A Memory of Troubled Waters

by miss_nettles_wife



Category: Eerie Indiana
Genre: Ambiguity, Future Fic, dark!marshall
Language: English
Status: Completed
Published: 2018-09-07
Updated: 2018-09-07
Packaged: 2019-07-08 04:51:41
Rating: General Audiences
Warnings: No Archive Warnings Apply
Chapters: 1
Words: 666
Publisher: archiveofourown.org
Story URL: https://archiveofourown.org/works/15923255
Author URL: https://archiveofourown.org/users/miss_nettles_wife/pseuds/miss_nettles_wife
Summary: Melaine has a visitor. (written for the Eerie Indiana Dreamwidth Arc Number Challenge Sept '17)





	A Memory of Troubled Waters

**Author's Note:**

> just an idea, inspired by a kotor fic I read 1000000 years ago that no longer appears to exist on the internet.

“I thought you were never coming back.”

“I wasn’t planning on it.”

Mel lifted her glass of off-brand coke up to her lips and took a sip while maintaining eye contact with him. She had decided to work on her paper outside on the back veranda and sat next at the table under the open window to Ines’s room.
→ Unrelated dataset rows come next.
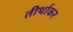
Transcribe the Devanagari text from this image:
तीर्थाकर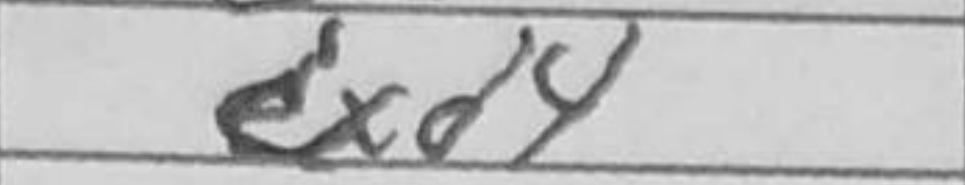
Transcription: exd4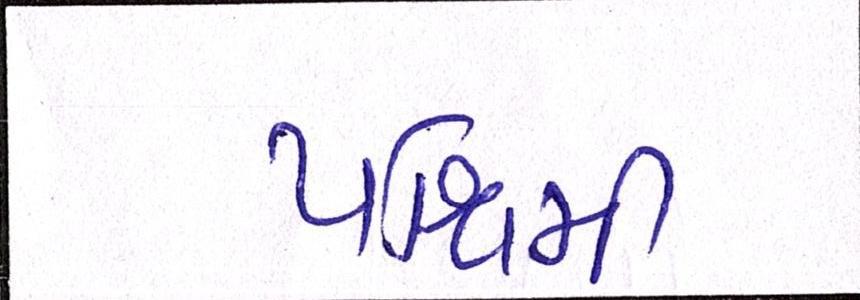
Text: પશ્ચિમી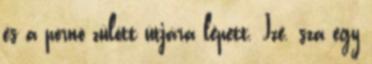
és a pornó zülött útjára lépett. Izé. sza egy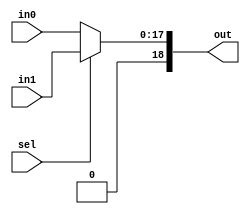
module sel(in0, in1, sel, out);
	input [17:0] in0, in1;
	input sel;
	output [18:0] out;

	assign out = (sel) ? in1 : in0;
endmodule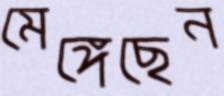
মেঙ্গেছেন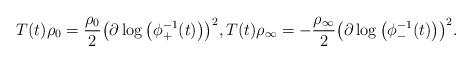
LaTeX: \begin{gather*}T(t)\rho_0=\frac{\rho_0}{2}\big(\partial \log \big(\phi_+^{-1}(t)\big)\big)^2,T(t)\rho_{\infty}=-\frac{\rho_{\infty}}{2}\big(\partial \log \big(\phi_-^{-1}(t)\big)\big)^2.\end{gather*}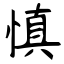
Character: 慎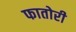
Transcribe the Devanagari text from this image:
फातोरी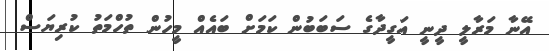
އޭނާ މަރާލީ ދީނީ އަގީދާގެ ސަބަބުން ކަމަށް ބައެއް މީހުން ތުހްމަތު ކުރިޔަސް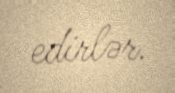
edirlər.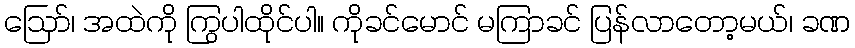
ဩော်၊ အထဲကို ကြွပါထိုင်ပါ။ ကိုခင်မောင် မကြာခင် ပြန်လာတော့မယ်၊ ခဏ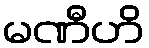
မဏီဟိ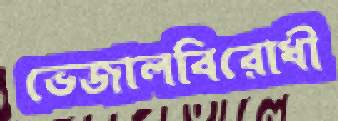
ভেজালবিরোধী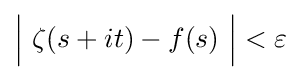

Marshall looked ghostly as he stood in the darkness and rain, the only light on him were the purple runes trickling down the left side of his face.

“You already drove Janet out of town, do you think you can intimidate me too?”

“No.”

“Then why come here?”

“To see who had been left in charge of my daughter.”

A small, dangerous smile slipped along her lips. The buzzing sound Devon made when he felt something particularly strongly pushed up against her chest firmly. She set the glass down with measured precision, listening to the sound of ice cubes as they clinked against one another.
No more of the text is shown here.